• **YOUR ASSIGNMENT**: All of the data below is to be repeated exactly, except for the pictures.

• **Records from a data source**:

________________________

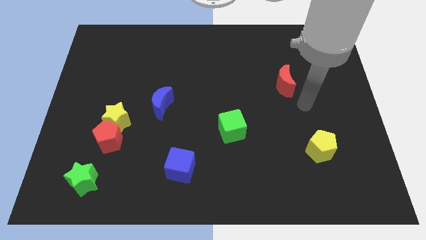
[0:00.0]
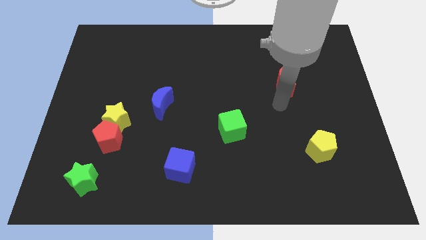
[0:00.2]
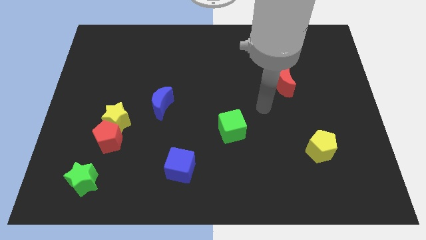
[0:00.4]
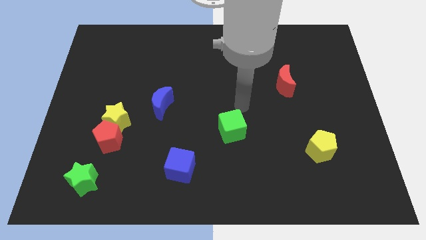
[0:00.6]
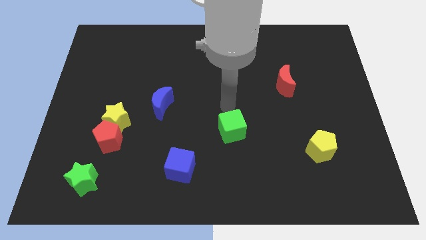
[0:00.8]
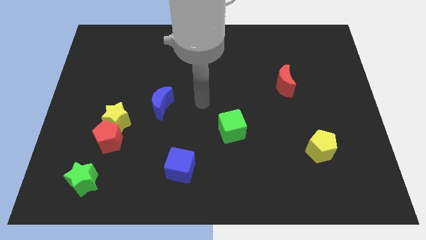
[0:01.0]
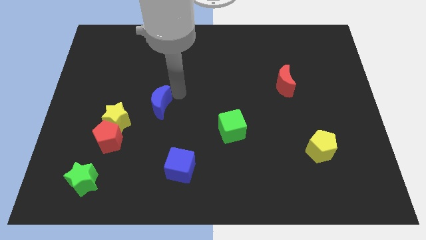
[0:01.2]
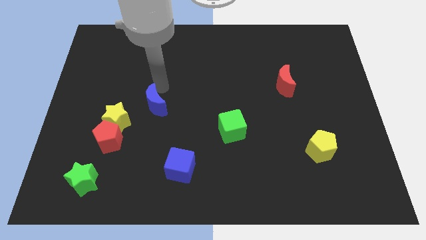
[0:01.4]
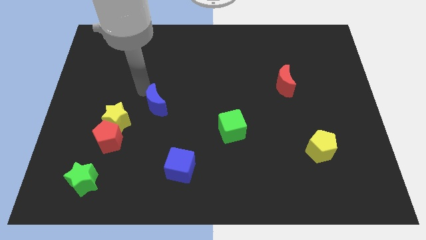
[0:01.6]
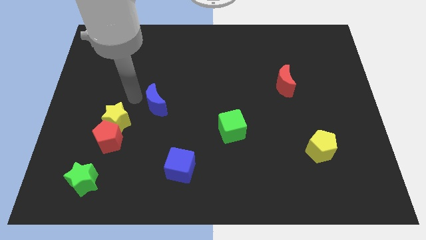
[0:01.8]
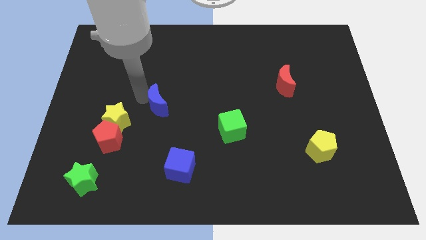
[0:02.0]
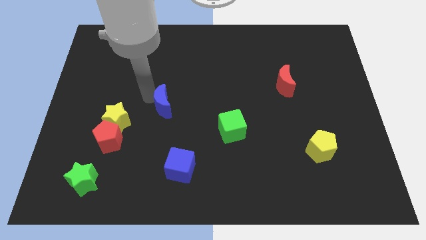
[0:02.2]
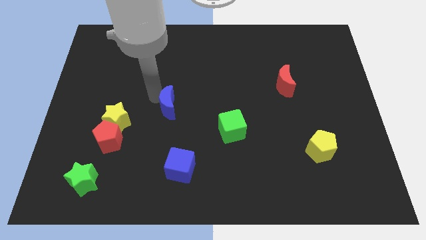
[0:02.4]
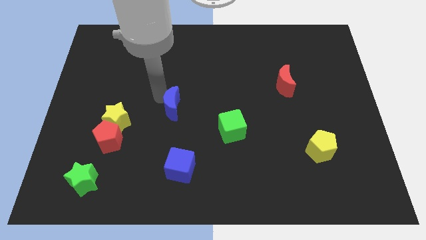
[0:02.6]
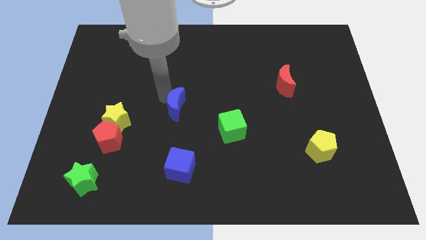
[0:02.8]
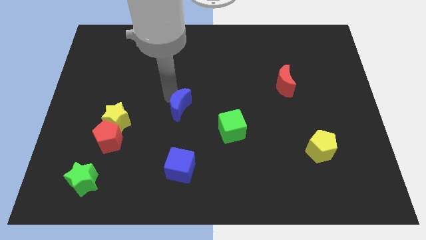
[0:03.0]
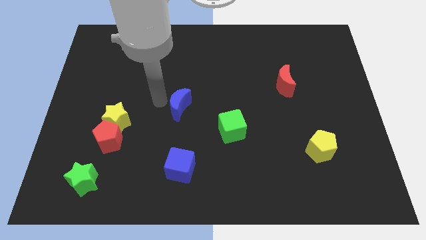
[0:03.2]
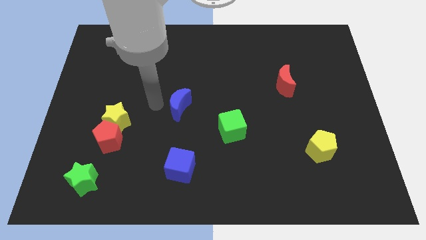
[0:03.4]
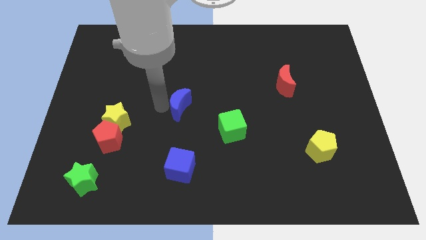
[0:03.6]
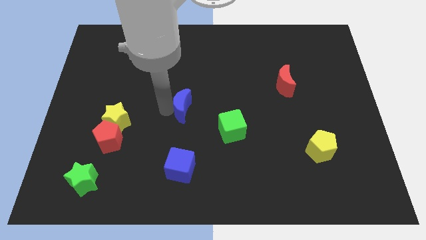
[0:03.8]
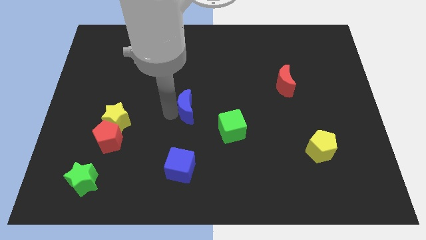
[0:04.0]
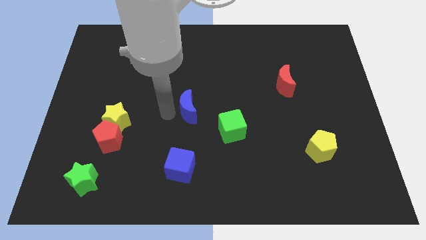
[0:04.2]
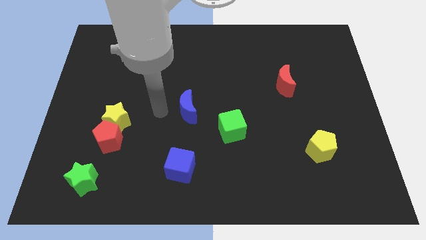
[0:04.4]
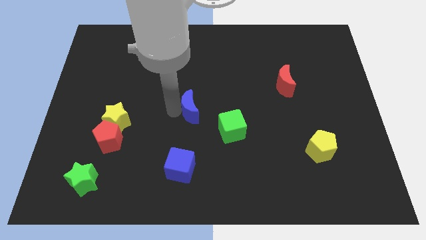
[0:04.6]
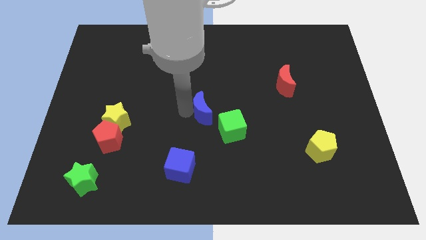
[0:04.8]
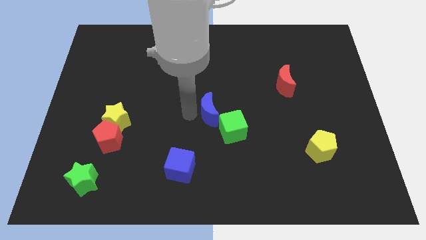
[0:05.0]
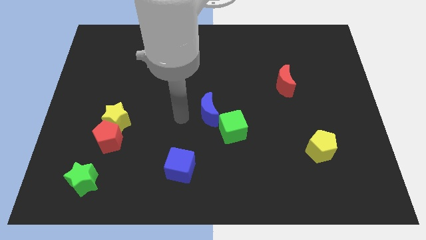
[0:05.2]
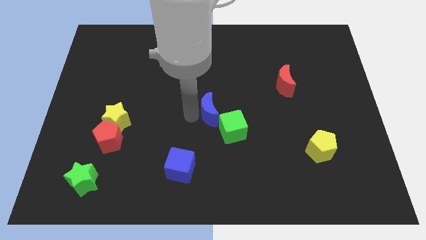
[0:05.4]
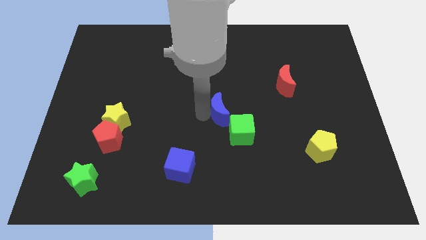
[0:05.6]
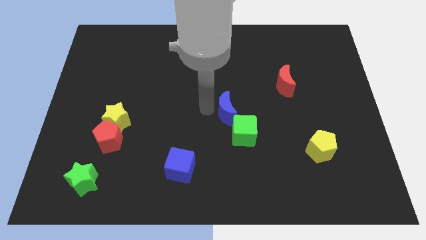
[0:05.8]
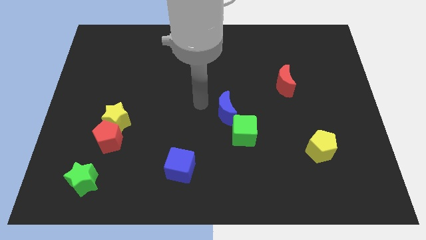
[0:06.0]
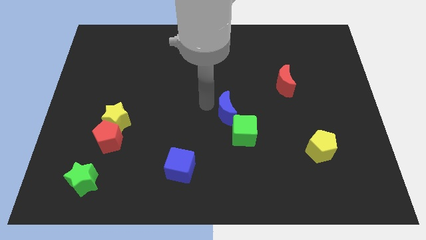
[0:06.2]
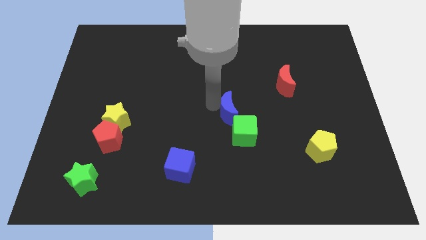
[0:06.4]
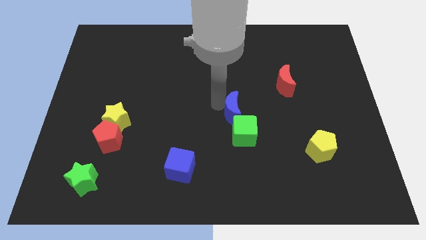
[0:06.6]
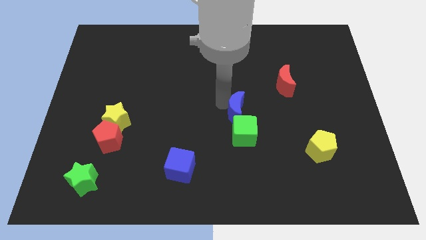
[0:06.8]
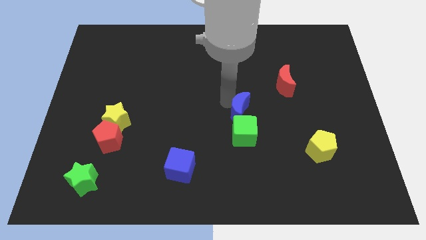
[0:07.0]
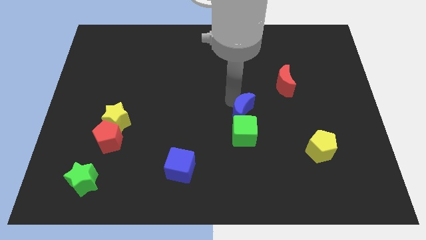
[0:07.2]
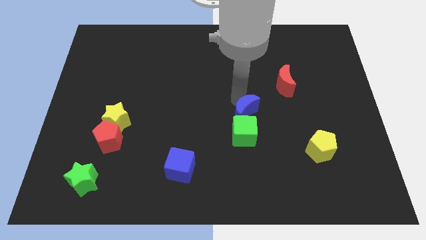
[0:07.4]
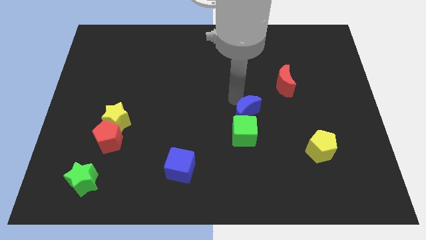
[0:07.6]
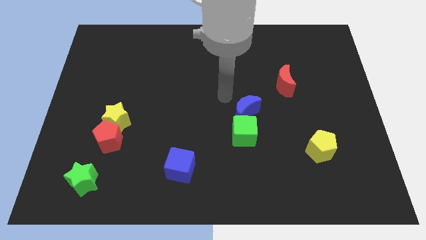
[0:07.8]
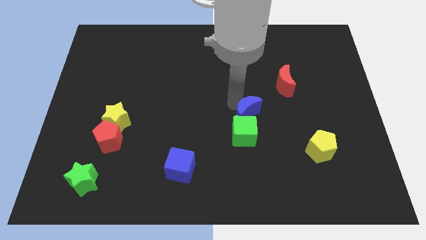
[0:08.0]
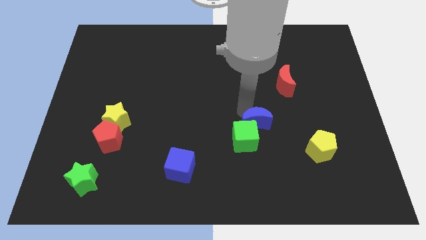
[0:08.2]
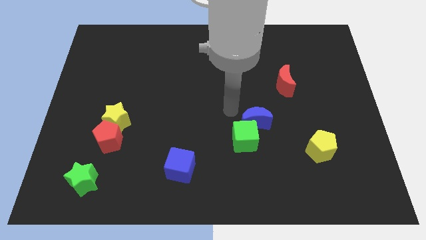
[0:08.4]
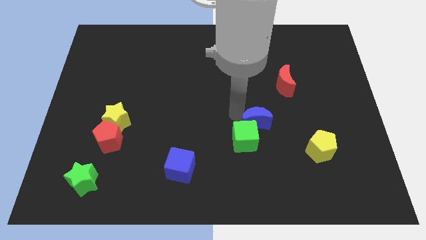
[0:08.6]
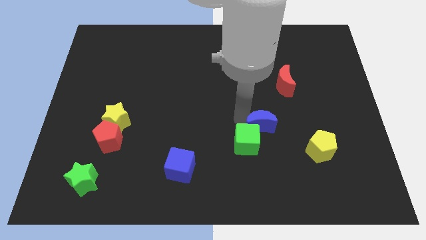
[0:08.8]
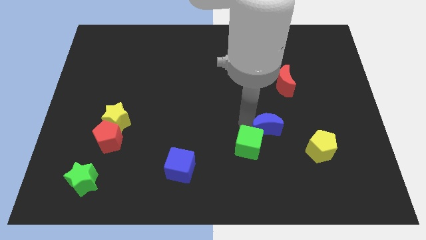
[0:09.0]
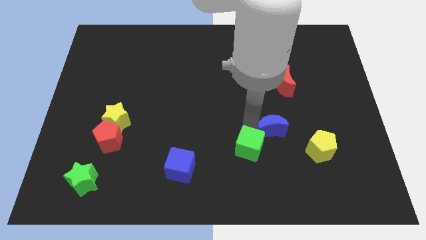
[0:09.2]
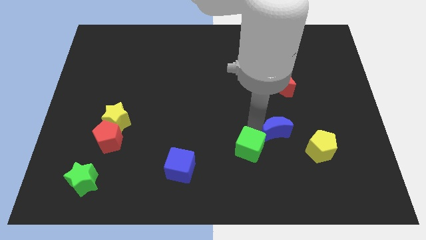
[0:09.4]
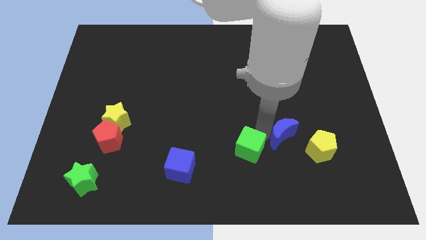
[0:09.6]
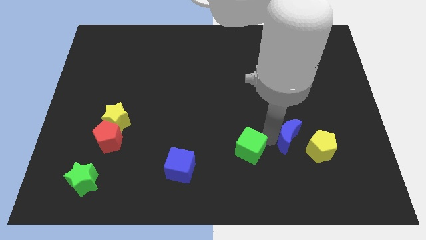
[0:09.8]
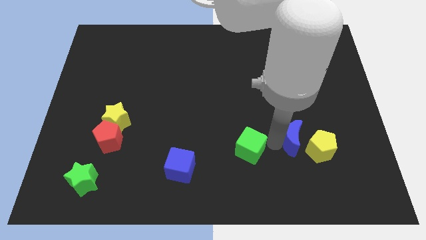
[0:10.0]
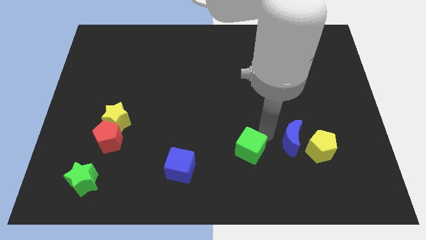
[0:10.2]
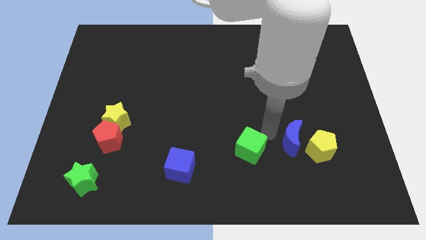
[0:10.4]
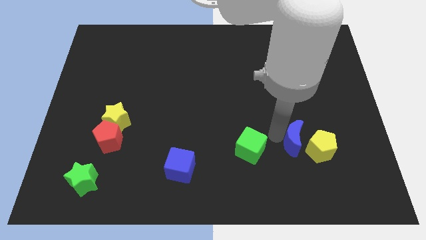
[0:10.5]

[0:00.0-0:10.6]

________________________

• **TASK RESPONSE**:
[0:00.0]
[0:00.2]
[0:00.4]
[0:00.6]
[0:00.8]
[0:01.0]
[0:01.2]
[0:01.4]
[0:01.6]
[0:01.8]
[0:02.0]
[0:02.2]
[0:02.4]
[0:02.6]
[0:02.8]
[0:03.0]
[0:03.2]
[0:03.4]
[0:03.6]
[0:03.8]
[0:04.0]
[0:04.2]
[0:04.4]
[0:04.6]
[0:04.8]
[0:05.0]
[0:05.2]
[0:05.4]
[0:05.6]
[0:05.8]
[0:06.0]
[0:06.2]
[0:06.4]
[0:06.6]
[0:06.8]
[0:07.0]
[0:07.2]
[0:07.4]
[0:07.6]
[0:07.8]
[0:08.0]
[0:08.2]
[0:08.4]
[0:08.6]
[0:08.8]
[0:09.0]
[0:09.2]
[0:09.4]
[0:09.6]
[0:09.8]
[0:10.0]
[0:10.2]
[0:10.4]
[0:10.5]

[0:00.0-0:10.6]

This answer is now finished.